Following its April 2016 acquisition of KBC Advanced Technologies, a provider of consulting services that are based on its own advanced oil and gas simulation technologies, the company has been striving to work with its customers to create
value through the provision of solutions that address every aspect of their business activities. At oil wells and pipelines, efforts to ensure a secure oil flow path (flow assurance) play an important role in maintaining production efficiency. The adherence of various chemical substances to the inside walls of a pipe can reduces its internal diameter and causes corrosion. To prevent the accumulation of substances and corrosion, certain chemicals must be injected in the pipes. Improving the efficiency of this process is a major challenge in the upstream and midstream sectors.

The FluidCom CIMV

FluidCom

Chemical injection valves have traditionally been manually operated in the upstream sector, although there are cases where chemical injection has been automated using an actuated solution. In the former case, the valves must be frequently opened, closed, and adjusted by plant personnel. This is costly as it necessitates the hiring of additional staff, and it is work that must be done under very harsh environmental conditions in the field.

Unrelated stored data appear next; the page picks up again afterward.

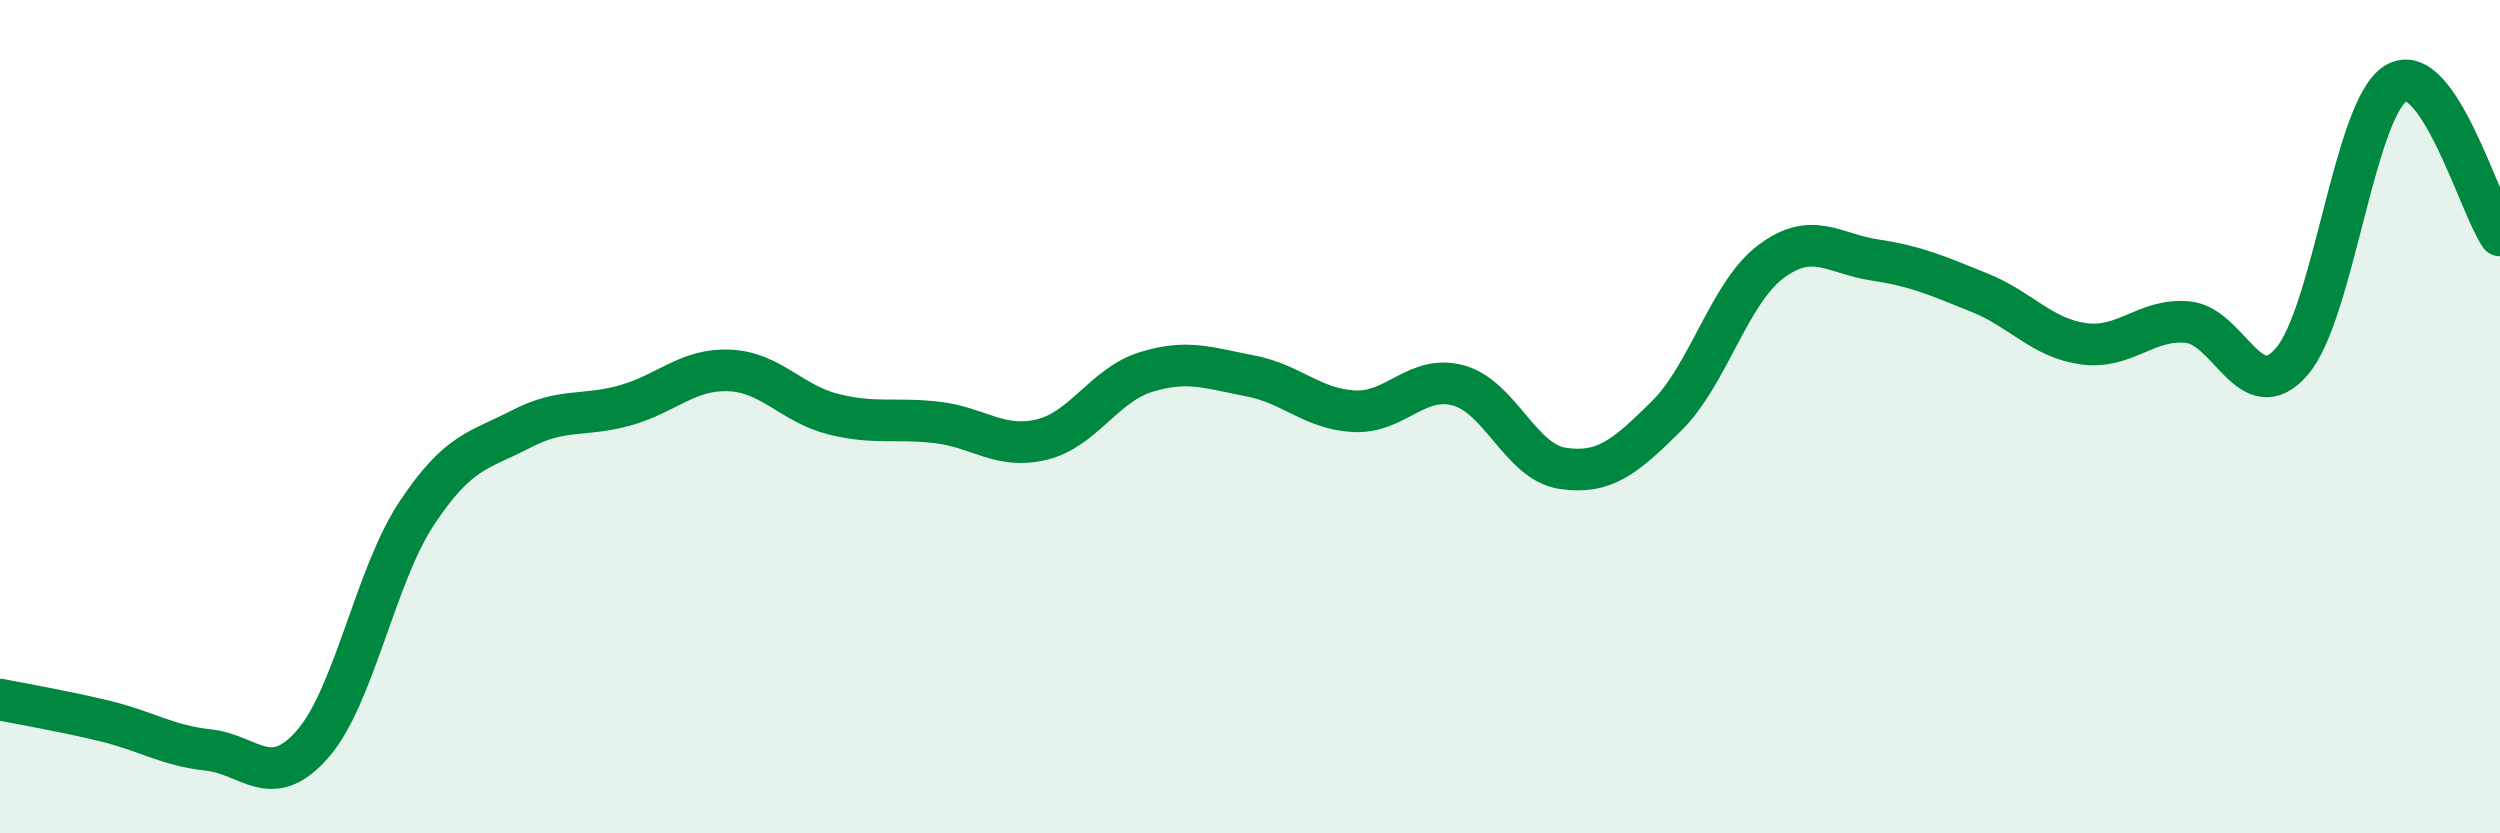 
    <svg width="60" height="20" viewBox="0 0 60 20" xmlns="http://www.w3.org/2000/svg">
      <path
        d="M 0,16.79 C 0.5,16.89 1.5,17.06 2.5,17.3 C 3.5,17.54 4,17.89 5,18 C 6,18.11 6.5,19 7.5,17.86 C 8.5,16.72 9,13.83 10,12.32 C 11,10.81 11.5,10.82 12.5,10.3 C 13.5,9.78 14,10.01 15,9.73 C 16,9.45 16.5,8.85 17.5,8.89 C 18.5,8.93 19,9.69 20,9.94 C 21,10.19 21.5,10.02 22.5,10.14 C 23.5,10.26 24,10.79 25,10.55 C 26,10.31 26.5,9.24 27.5,8.93 C 28.5,8.62 29,8.83 30,9.02 C 31,9.21 31.5,9.82 32.5,9.87 C 33.5,9.92 34,8.98 35,9.25 C 36,9.52 36.5,11.09 37.5,11.24 C 38.5,11.39 39,10.97 40,9.98 C 41,8.99 41.5,7.03 42.5,6.28 C 43.5,5.53 44,6.09 45,6.24 C 46,6.39 46.5,6.62 47.5,7.02 C 48.5,7.42 49,8.11 50,8.25 C 51,8.39 51.5,7.64 52.5,7.73 C 53.5,7.82 54,9.83 55,8.68 C 56,7.53 56.5,2.61 57.5,2 C 58.5,1.39 59.5,4.92 60,5.65L60 20L0 20Z"
        fill="#008740"
        opacity="0.1"
        stroke-linecap="round"
        stroke-linejoin="round"
      />
      <path
        d="M 0,16.79 C 0.5,16.89 1.5,17.06 2.5,17.3 C 3.5,17.54 4,17.89 5,18 C 6,18.11 6.5,19 7.5,17.86 C 8.5,16.72 9,13.83 10,12.32 C 11,10.81 11.5,10.82 12.5,10.3 C 13.5,9.78 14,10.01 15,9.73 C 16,9.45 16.5,8.85 17.5,8.89 C 18.5,8.93 19,9.69 20,9.94 C 21,10.19 21.5,10.02 22.5,10.14 C 23.5,10.26 24,10.79 25,10.55 C 26,10.31 26.5,9.24 27.5,8.93 C 28.5,8.62 29,8.83 30,9.02 C 31,9.21 31.5,9.82 32.5,9.87 C 33.5,9.92 34,8.98 35,9.25 C 36,9.52 36.5,11.09 37.5,11.24 C 38.5,11.39 39,10.97 40,9.98 C 41,8.99 41.5,7.03 42.5,6.28 C 43.5,5.53 44,6.09 45,6.24 C 46,6.39 46.5,6.62 47.5,7.02 C 48.5,7.42 49,8.11 50,8.25 C 51,8.39 51.5,7.64 52.5,7.73 C 53.5,7.82 54,9.83 55,8.68 C 56,7.53 56.5,2.61 57.5,2 C 58.5,1.39 59.5,4.92 60,5.65"
        stroke="#008740"
        stroke-width="1"
        fill="none"
        stroke-linecap="round"
        stroke-linejoin="round"
      />
    </svg>

It is also a well-known problem that inaccurate and unstable dosing of chemicals leads to additional operational costs and challenges with specific processes. To address and resolve such problems, there is an increasing demand for integrated automatic injection solutions that perform stably and offer a high level of precision in the dosing. The FluidCom CIMV has a unique design which is based on a patented technology, providing integrated flow control and metering using a unique combination of material and thermal effects.

FluidCom is a fully automated and reliable device with a simple design that performs autonomous valve control and continuous flow metering. The device is able to stably inject chemicals in the required small amounts. It has few moving parts and has proven to be an accurate, reliable solution for the control of chemical injection applications. No regular maintenance is required and remote control features are provided.

The device features a self-cleaning mechanism that reduces maintenance workload, and the automatic injection of chemicals in the correct amounts eliminates the need for manual interventions by plant operators and maintenance workers, thereby enabling personnel to lessen their exposure to harsh environmental conditions in the field.

Chemical injection valves have traditionally been operated as manual systems in the upstream sector under harsh conditions. The FluidCom can automate chemical injection operation and reduce times that plant operators and maintenance workers go to field and operate in harsh environments. So using FuidCom improves healthy and safety.

FluidCom is also a valuable solution for downstream operations, where corrosion prevention is always a pressing concern. An ISA100 Wireless version is planned. The ISA100 Wireless technology is based on the ISA100.11a standard. It includes ISA100.11a-2011 communications, an application layer with process control industry standard objects, device descriptions and capabilities, a gateway interface, infrared provisioning, and a backbone router.

Commenting on the acquisition of this company, Shigeyoshi Uehara, head of the Yokogawa IA Products and Service Business Headquarters, said: “FluidCom will improve flow assurance, which is a key concern of our customers in the oil and gas industry, and it will make a major contribution to their operations by helping them not only improve production efficiency and reduce operational costs, but also enhance HSE. The combination of FluidCom, KBC simulation technology, and Yokogawa field devices will allow us to expand the range of our upstream and midstream solutions and enable the delivery of value in new ways to our customers.”

About TechInvent2

TechInvent2 is a fully owned subsidiary of TechInvent AS, a Stavanger, Norway-based company founded in 2008. TechInvent is owned by the founder and CEO Alf Egil Stensen, the venture capital firm Statoil Technology Invest AS, Aarbakke Innovation AS, and Ipark AS. The company has been supplying its FluidCom chemical injection technology to major oil companies since 2016. Alf Egil Stensen will continue as CEO of the company now that it is part of Yokogawa.